■ **EXERCISE OBJECTIVE**:
A precise reproduction of every record below is needed, minus the pictures.

■ **SUPPLIED RECORDS**:
· · · · · · ·
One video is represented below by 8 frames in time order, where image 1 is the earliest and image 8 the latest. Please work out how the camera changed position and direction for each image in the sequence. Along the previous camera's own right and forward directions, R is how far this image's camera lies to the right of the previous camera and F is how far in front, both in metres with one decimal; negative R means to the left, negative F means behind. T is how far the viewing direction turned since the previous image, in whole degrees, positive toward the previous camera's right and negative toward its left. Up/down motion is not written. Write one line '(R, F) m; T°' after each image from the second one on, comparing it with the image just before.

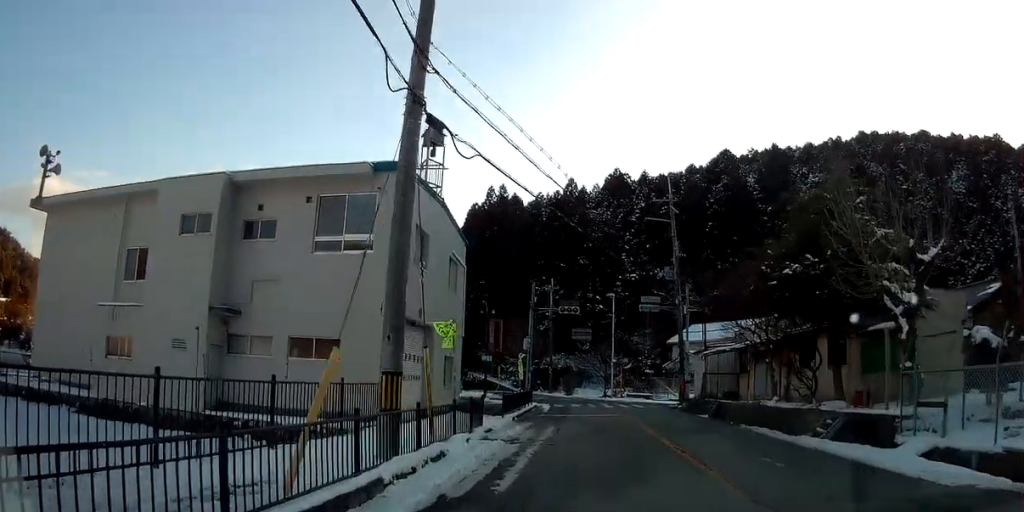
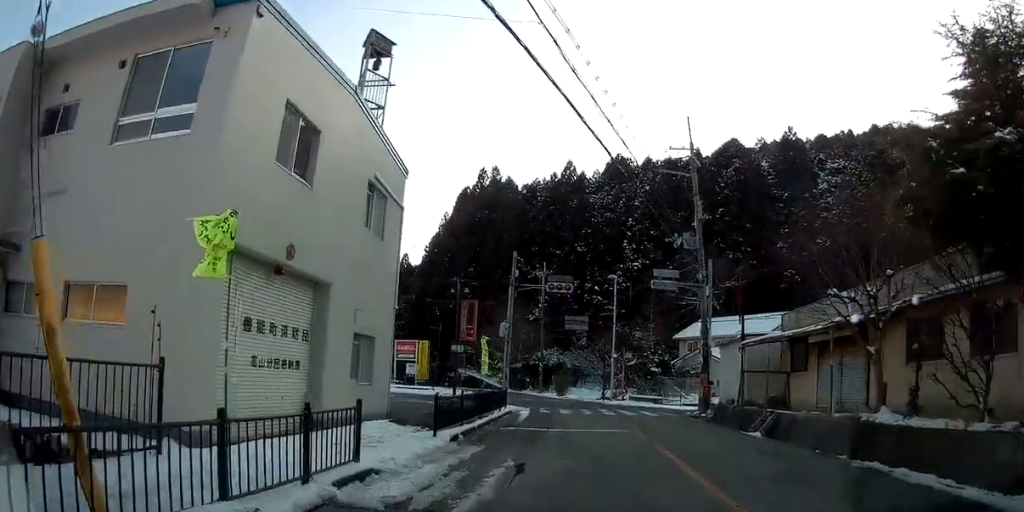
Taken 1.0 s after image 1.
(+0.5, +8.7) m; +2°
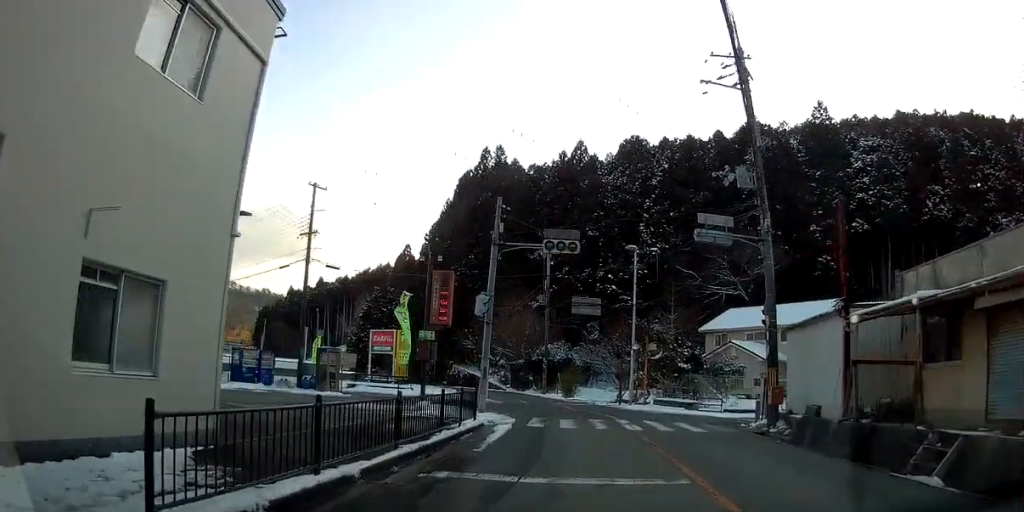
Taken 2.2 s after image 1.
(-0.4, +9.0) m; -5°
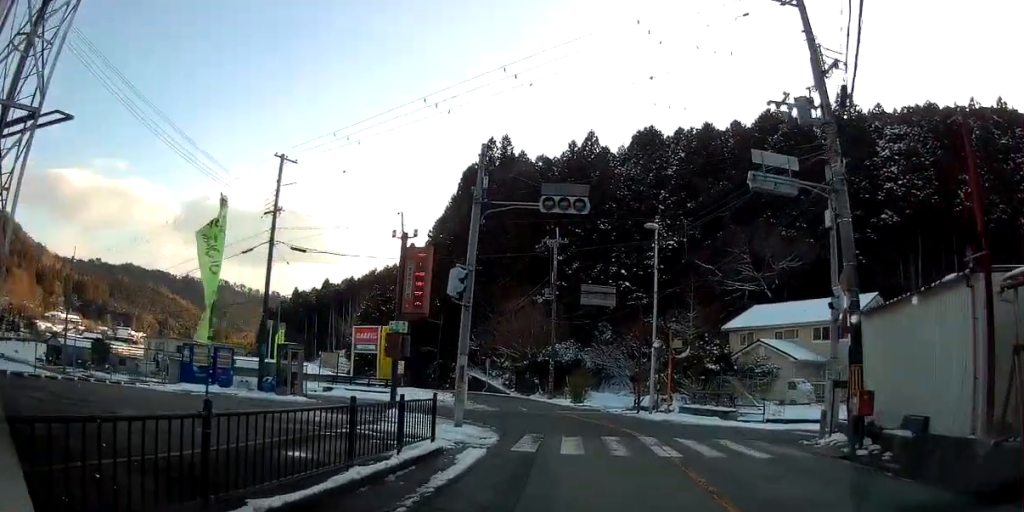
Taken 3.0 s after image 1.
(-0.2, +5.4) m; -2°
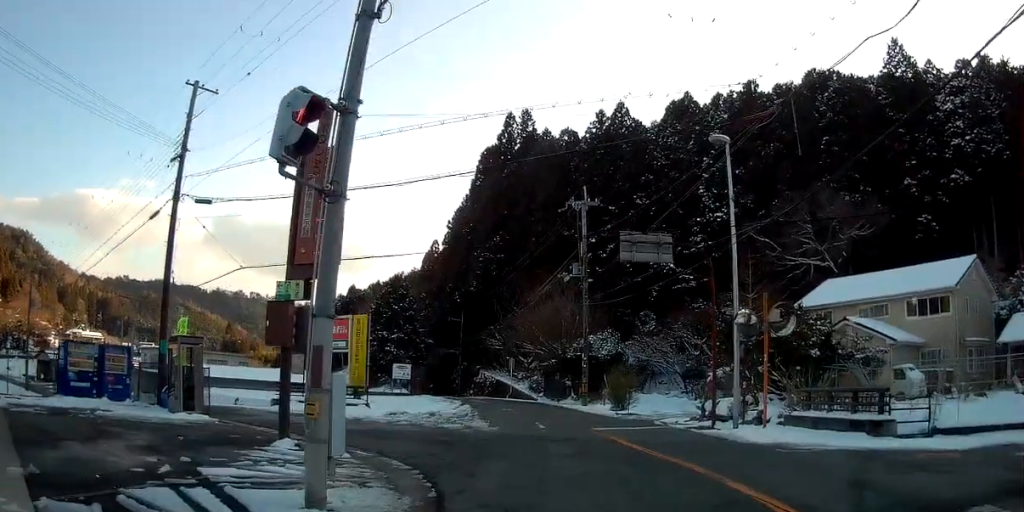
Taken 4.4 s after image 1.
(0.0, +10.1) m; 0°
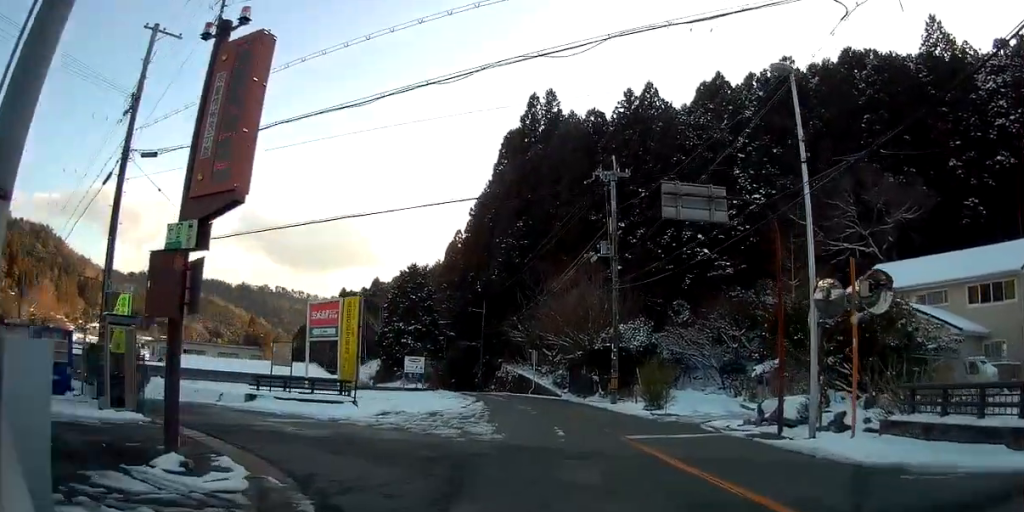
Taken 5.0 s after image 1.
(0.0, +4.5) m; -2°
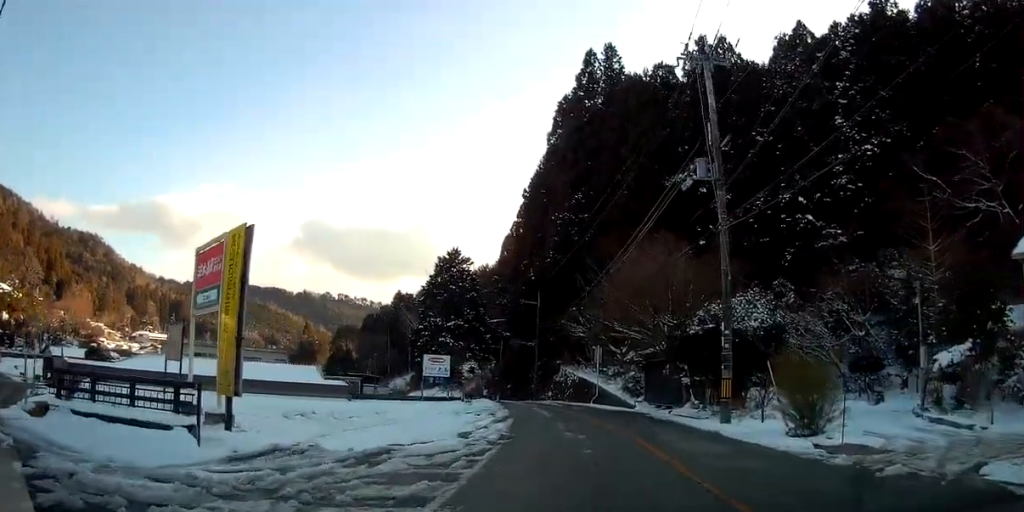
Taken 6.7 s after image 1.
(-1.1, +12.4) m; -10°
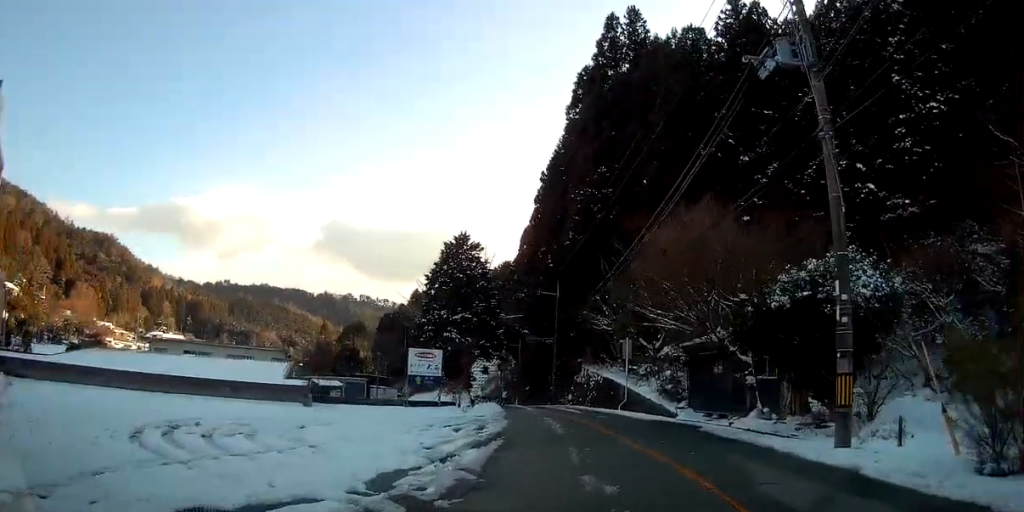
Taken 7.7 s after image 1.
(0.0, +7.1) m; 0°
· · · · · · ·
■ **WRITTEN SOLUTION**:
One video is represented below by 8 frames in time order, where image 1 is the earliest and image 8 the latest. Please work out how the camera changed position and direction for each image in the sequence. Along the previous camera's own right and forward directions, R is how far this image's camera lies to the right of the previous camera and F is how far in front, both in metres with one decimal; negative R means to the left, negative F means behind. T is how far the viewing direction turned since the previous image, in whole degrees, positive toward the previous camera's right and negative toward its left. Up/down motion is not written. Write one line '(R, F) m; T°' after each image from the second one on, comparing it with the image just before.

Taken 1.0 s after image 1.
(+0.5, +8.7) m; +2°
Taken 2.2 s after image 1.
(-0.4, +9.0) m; -5°
Taken 3.0 s after image 1.
(-0.2, +5.4) m; -2°
Taken 4.4 s after image 1.
(0.0, +10.1) m; 0°
Taken 5.0 s after image 1.
(0.0, +4.5) m; -2°
Taken 6.7 s after image 1.
(-1.1, +12.4) m; -10°
Taken 7.7 s after image 1.
(0.0, +7.1) m; 0°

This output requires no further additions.